I am planning on smoking around 150 # of pork for an open house.  After smoking batches of meat I am freezing it until I am ready to reheat.  My concern is that when reheating it in a roaster it will dry out.  I am thinking about taking the bones and making a stock and putting the stock in with the pork while in the roaster to keep it moist

Has anyone tried this?

I have also read about using apple juice.

I would appreciate any advise.

Thanks,


----------



## demosthenes9 (May 13, 2014)

CjDoble said:


> I am planning on smoking around 150 # of pork for an open house.  After smoking batches of meat I am freezing it until I am ready to reheat.  My concern is that when reheating it in a roaster it will dry out.  I am thinking about taking the bones and making a stock and putting the stock in with the pork while in the roaster to keep it moist
> 
> Has anyone tried this?
> 
> ...


Cj, would need some more details as to what equipment you have available to you.  Will the meat be reheated and served in the same place ?   Is an oven available ?   As much detail as you could provide would be very helpful.


----------



## pineywoods (May 13, 2014)

You can save the juice from the cook either with a foil pan under it or if foiling the juice out of the foil. Defat it and add it back.
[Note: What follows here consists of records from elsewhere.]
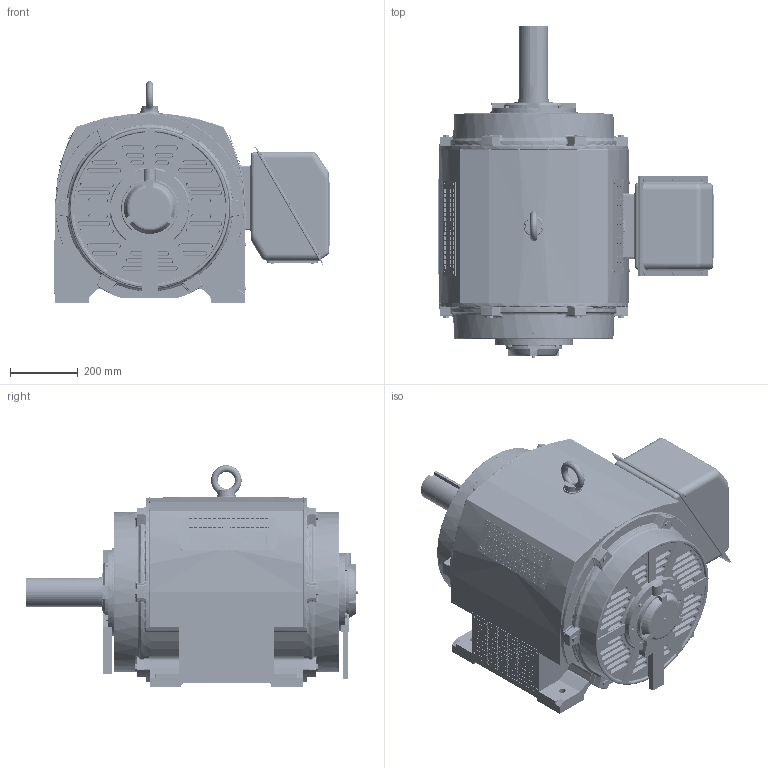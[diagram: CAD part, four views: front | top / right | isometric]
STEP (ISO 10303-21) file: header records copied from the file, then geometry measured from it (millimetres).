
FILE_DESCRIPTION(('CATIA V5 STEP Exchange'),'2;1');
FILE_NAME('3A043A502.stp','2014-04-02T09:27:03+00:00',('none'),('none'),'Unofficial Packaging Version','CATIA V5 STEP AP203','none');
FILE_SCHEMA(('CONFIG_CONTROL_DESIGN'));
Length unit declared in the file: millimetre
Products named in the file (1): #14
Bounding box: 816.35 x 978.61 x 653.39 mm (x, y, z)
Volume: 143471435.7 mm3; surface area: 4768495 mm2
Topology: 1 solids, 39 shells, 8235 faces, 22538 edges, 14687 vertices
Faces by surface type: plane 4070, cylinder 3379, torus 288, bspline 276, cone 172, sphere 46, revolution 4
Entity records: 268654 total; most frequent: CARTESIAN_POINT 69167, ORIENTED_EDGE 44896, DIRECTION 33843, EDGE_CURVE 22448, VERTEX_POINT 14687, AXIS2_PLACEMENT_3D 14008, VECTOR 13372, LINE 13372

You can add the apple juice

You can add a finishing sauce


----------



## bluefrog (May 15, 2014)

I always have a pan under my butts to catch the drippings. I sart it with some water in the pan so that the drippings don't burn.  I put the drippings in the frig and when the fat rises to the top and solidifies I remove the fat.  Then I can add the juice back as needed.  I generally put the butts in the pan with the drippings and maybe some apple juice and cover the pan with foil while bringing the temp from 165 to 200. This captures a lot of the juice from the pork.


----------